The problem with this kind of thing is to balance the probability of it happening versus the scale of the consequences. We spend an immense amount of money to protect ourselves from very probably events (car crashes, house fires, medical mishaps) that are very likely - but which don't affect many people at a time. We have a blind-spot to very infrequent/unlikely events that would take out half the planet. That's an odd thing. It really doesn't matter (on the grand scheme of things) how many people get killed in car crashes - but if a mountain of rock were to wipe out almost all of humanity - then that's something we need to pay attention to.

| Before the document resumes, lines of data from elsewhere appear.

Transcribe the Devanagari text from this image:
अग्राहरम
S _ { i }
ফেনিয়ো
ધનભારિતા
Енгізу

If there is a one in 500,000 chance of a meteor killing (say) 5 billion people each year (that's only considering the really big rocks) - that's an average of 10 out of every 100,000 people per year. OK - now let's examine: List of causes of death by rate. 20 people per 100,000 get killed in car crashes worldwide (it's more likely in places like the USA - but less likely in (say) India) - so you are twice as likely to die in a car crash than by the consequences of a 10km meteor. The probability of dying in a killer meteor collision is comparable to the chances of dying from one of the more common cancers or a random act of violence (eg a crime, a mass murderer or a domestic dispute). So, from an individual person's perspective - we should be spending at least as much on looking for and deflecting 1km meteors as we do on trying to eliminate street violence. Death by meteor is quite a bit more probable than death by Altzheimer's disease. You are maybe twice as likely to die from a meteor than from your house burning down.

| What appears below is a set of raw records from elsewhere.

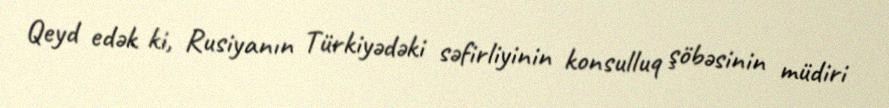
Qeyd edək ki, Rusiyanın Türkiyədəki səfirliyinin konsulluq şöbəsinin müdiri
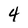
Character: 4
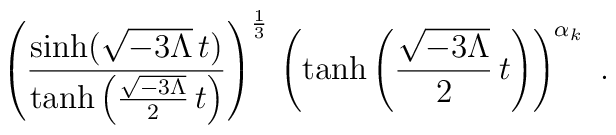
\left(\frac{\sinh(\sqrt{-3\Lambda}\,t)}{\tanh\left(\frac{\sqrt{-3\Lambda}}{2}\,    t\right)}\right)^{1\over 3}\, \left(\tanh\left(\frac{\sqrt{-3\Lambda}}{2}\,    t\right) \right)^{\alpha_k}\ .
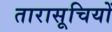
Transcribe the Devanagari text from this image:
तारासूचियों
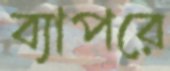
ব্যাপরে
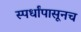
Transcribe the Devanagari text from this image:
स्पर्धांपासूनच
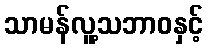
သာမန်လူ့သဘာဝနှင့်
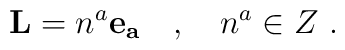
{\bf L}= n^a {\bf e_a}\quad, \quad n^a \in Z\ .
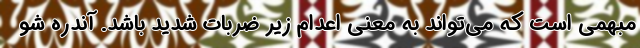
مبهمی است که می‌تواند به معنی اعدام زیر ضربات شدید باشد. آندره شو
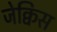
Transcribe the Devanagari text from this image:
जेक्विस
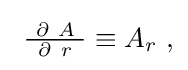
{\textstyle \ {\frac {\ \partial \ A\ }{\partial \ r}}\equiv A_{r}\ ,}
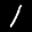
Label: 1
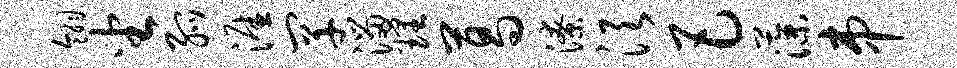
翎坐弧涯罕溜理葛潦须巴藻串
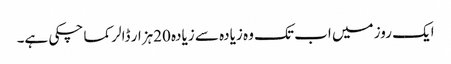
ایک روز میں اب تک وہ زیادہ سے زیادہ 20ہزار ڈالر کما چکی ہے۔
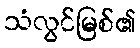
သံလွင်မြစ်၏
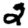
Digit: 2
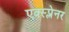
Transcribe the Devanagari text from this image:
एक्स्प्लेनर
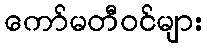
ကော်မတီဝင်များ
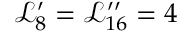
\mathcal { L } _ { 8 } ^ { \prime } = \mathcal { L } _ { 1 6 } ^ { \prime \prime } = 4
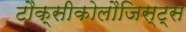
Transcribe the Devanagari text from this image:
टौक्सीकोलौजिस्ट्स
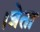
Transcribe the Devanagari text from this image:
।त्रेता
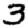
Digit: 3
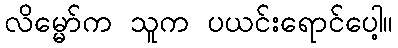
လိမ္မော်က သူက ပယင်းရောင်ပေါ့။
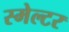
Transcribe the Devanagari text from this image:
स्मेल्टर

From a purely statistical perspective, we should spend more on meteor protection than on (say) airbags in cars, Altzheimer's research or smoke detectors because no matter how much you spend, you'll never eliminate those things - where there is every chance that would could provide 100% protection against 1km+ meteor strikes. As a species, we should place more 'weight' on a potential species-obliterating-event than on more probable events that (while killing the same number of people on average) are no risk whatever to the survival of our species. You can go one further by saying that we'd also be protecting most other species on earth from obliteration too.

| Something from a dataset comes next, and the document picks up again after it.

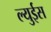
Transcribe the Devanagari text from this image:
ल्युईस
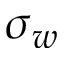
\sigma _ { w }

That's only considering the very infrequent planet killers - I guarantee that the first time a once-a-decade sub-50m rock hits a major city, delivering a few hundred Hiroshima-sized bombs worth of damage and perhaps killing a million people, we'll suddenly become VERY focussed on those smaller rocks.
You need to take into account cost:benefit ratios. You can almost completely protect a family with one smoke detector for a couple of quid. The cost per family of protecting against small asteroids is probably far far greater (I don't have any figures). Remember, even if we detect them, the cost of actually doing anything about it is probably going to be prohibitive if it's "only" going to save a million people. Using Deep_Impact_(space_mission) as a benchmark (a deflection mission seems roughly similar in parameters), we're talking about $330 million, probably more due to the need to do it quickly. $330 per person sounds pretty reasonable at first glance, but when you consider what else that $330 could be spent on (smoke detectors for 100 families, say), it may not be the best use of limited funds (and funds are always limited). --Tango (talk) 19:30, 31 August 2008 (UTC)
You have the math totally wrong. You can only spread the cost of $330 million over a million people once you know which million people will be affected. Before you know which million you're going to have to save, you get to spread the cost over the entire planet. If $330 million were all it would take to protect six billion people from a one in a thousand chance of death-by-meteor per year, it would be a total bargin! You'd have to put $3 smoke detectors into a lot more than 110 million homes to save a million lives. Remember - death from house fires is 5 per 100,000 people per year. To save a million people over maybe the ten year life of your smoke detectors in a year you'd have to put them 1,000,000x100,000/(5x10) homes...that's two BILLION homes...which would cost six billion dollars - not $330 million...and (furthermore) they'd have to be 100% effective in preventing death from fires - which they obviously are not.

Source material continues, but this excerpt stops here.